*** Opening DATA EXTRACT ***

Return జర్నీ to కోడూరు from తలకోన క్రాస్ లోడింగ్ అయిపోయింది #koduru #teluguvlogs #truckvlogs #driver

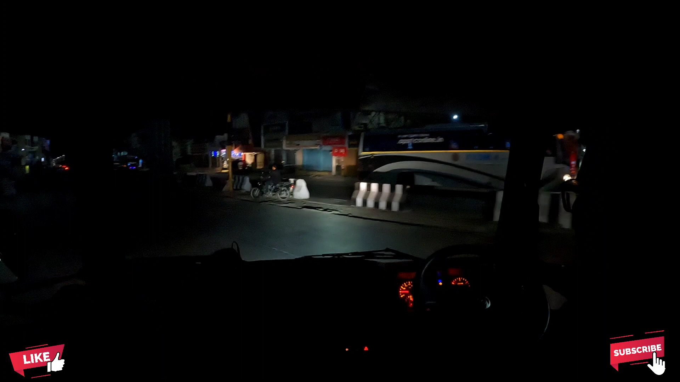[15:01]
లెఫ్ట్ అయితే కట్ అయ్యి ఇక్కడి నుంచి కరకంబాడి ఒక 10 కిలోమీటర్స్ బిలో అయితే ఉంటుంది.
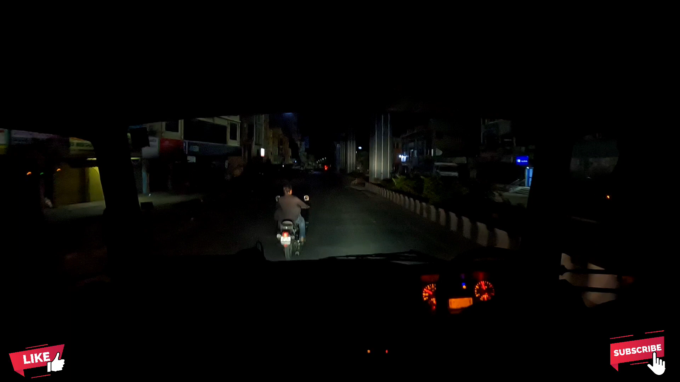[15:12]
కంటిన్యూస్ స్ట్రైట్ రోడ్ ఇంకా బుల్లెట్ రాజా. ఇవే వెళ్ళు, ఇబ్బంది లే, వెళ్ళన్నా వెళ్ళు. వెనకాలలో ఉన్న వాళ్ళు ఎందుకు ఇబ్బంది పెడతావు?
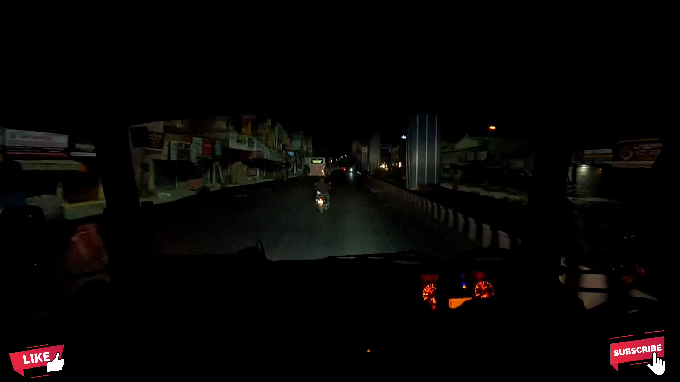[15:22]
స్లో చేసి నేనేమన్నా వెళ్ళొద్దన్నావా? నువ్వేళ్ళు నువ్వు వెళ్ళవయ్యా. చూడు మళ్ళీ దీన్ని ఏమంటారు,
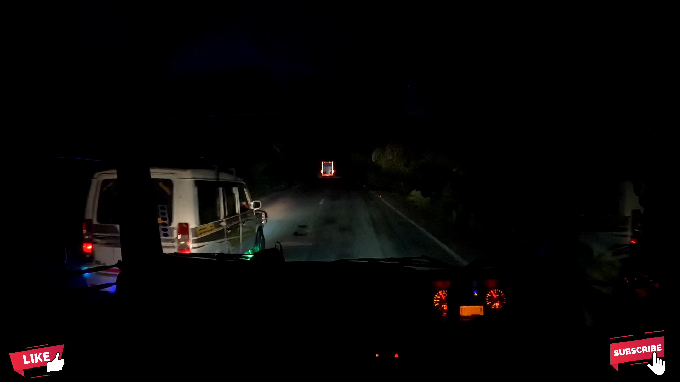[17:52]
వచ్చేసాము బస్సు దగ్గరికి అయితే. ఫైనల్ బస్సు క్రాసింగ్ అనమాట. ఏఆర్ బీసీ విఆర్ ట్రావెల్స్.
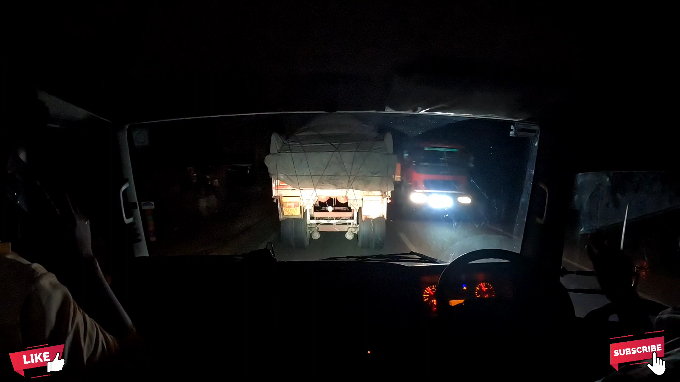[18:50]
ఎక్కువ లైట్లు అయితే వేస్తాను చూడండి. ఎన్ని లైట్లు ఉన్నాయి మధ్యలో? 2, 6, 2, 2, 6 లైట్లు ఉన్నాయి. సో కన్ఫ్యూజ్ అయిపోతాం ఏందో వీడు పోతూనే ఉన్నాడు రైలు పోయినట్టు.
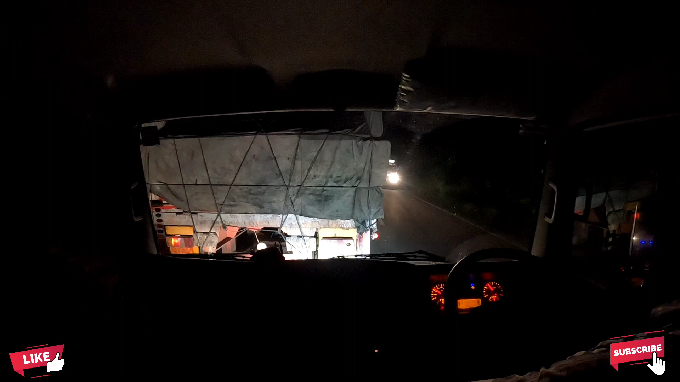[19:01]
ఓవర్టేక్ చేయాలంటే చిన్న వెహికల్ అయితే అలా ఇలా వెళ్ళిపోవచ్చు, పెద్ద వెహికల్ కాబట్టి క్రాస్ చేయాలంటే ఇబ్బంది.
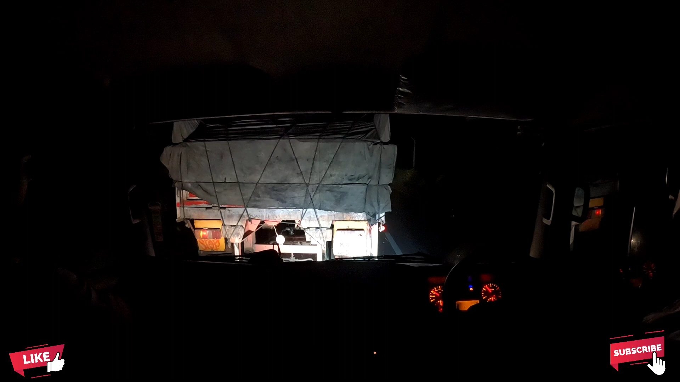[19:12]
ఫార్టీ కిలోమీటర్స్ మెయింటైన్ చేస్తాడు స్పీడు.
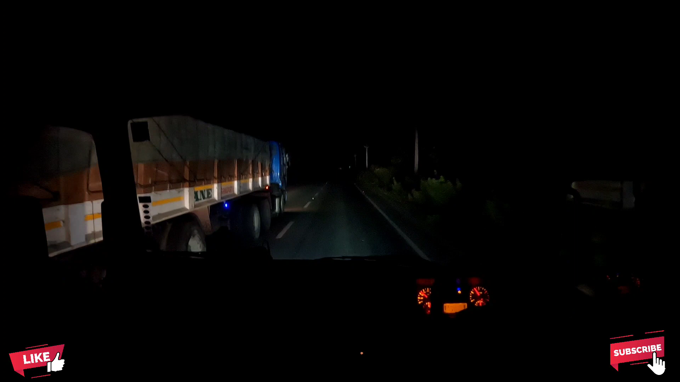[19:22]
ఫోన్ చూసుకుంటున్నాడు చూడు కూడా. రాత్రిలో ఫోన్ చూసుకుంటా చదువుతున్నాడు బండి ట్రాలీ. కొడూరు రైల్వే కొడూరు కాటా దగ్గరికి అయితే వచ్చేసాము.

*** Closing DATA EXTRACT ***

**DIRECTIONS**. Exclude the pictures, then write out every record exactly as it stands.

**OUTPUT FOR THIS TASK**.
Return జర్నీ to కోడూరు from తలకోన క్రాస్ లోడింగ్ అయిపోయింది #koduru #teluguvlogs #truckvlogs #driver

[15:01]
లెఫ్ట్ అయితే కట్ అయ్యి ఇక్కడి నుంచి కరకంబాడి ఒక 10 కిలోమీటర్స్ బిలో అయితే ఉంటుంది.
[15:12]
కంటిన్యూస్ స్ట్రైట్ రోడ్ ఇంకా బుల్లెట్ రాజా. ఇవే వెళ్ళు, ఇబ్బంది లే, వెళ్ళన్నా వెళ్ళు. వెనకాలలో ఉన్న వాళ్ళు ఎందుకు ఇబ్బంది పెడతావు?
[15:22]
స్లో చేసి నేనేమన్నా వెళ్ళొద్దన్నావా? నువ్వేళ్ళు నువ్వు వెళ్ళవయ్యా. చూడు మళ్ళీ దీన్ని ఏమంటారు,
[17:52]
వచ్చేసాము బస్సు దగ్గరికి అయితే. ఫైనల్ బస్సు క్రాసింగ్ అనమాట. ఏఆర్ బీసీ విఆర్ ట్రావెల్స్.
[18:50]
ఎక్కువ లైట్లు అయితే వేస్తాను చూడండి. ఎన్ని లైట్లు ఉన్నాయి మధ్యలో? 2, 6, 2, 2, 6 లైట్లు ఉన్నాయి. సో కన్ఫ్యూజ్ అయిపోతాం ఏందో వీడు పోతూనే ఉన్నాడు రైలు పోయినట్టు.
[19:01]
ఓవర్టేక్ చేయాలంటే చిన్న వెహికల్ అయితే అలా ఇలా వెళ్ళిపోవచ్చు, పెద్ద వెహికల్ కాబట్టి క్రాస్ చేయాలంటే ఇబ్బంది.
[19:12]
ఫార్టీ కిలోమీటర్స్ మెయింటైన్ చేస్తాడు స్పీడు.
[19:22]
ఫోన్ చూసుకుంటున్నాడు చూడు కూడా. రాత్రిలో ఫోన్ చూసుకుంటా చదువుతున్నాడు బండి ట్రాలీ. కొడూరు రైల్వే కొడూరు కాటా దగ్గరికి అయితే వచ్చేసాము.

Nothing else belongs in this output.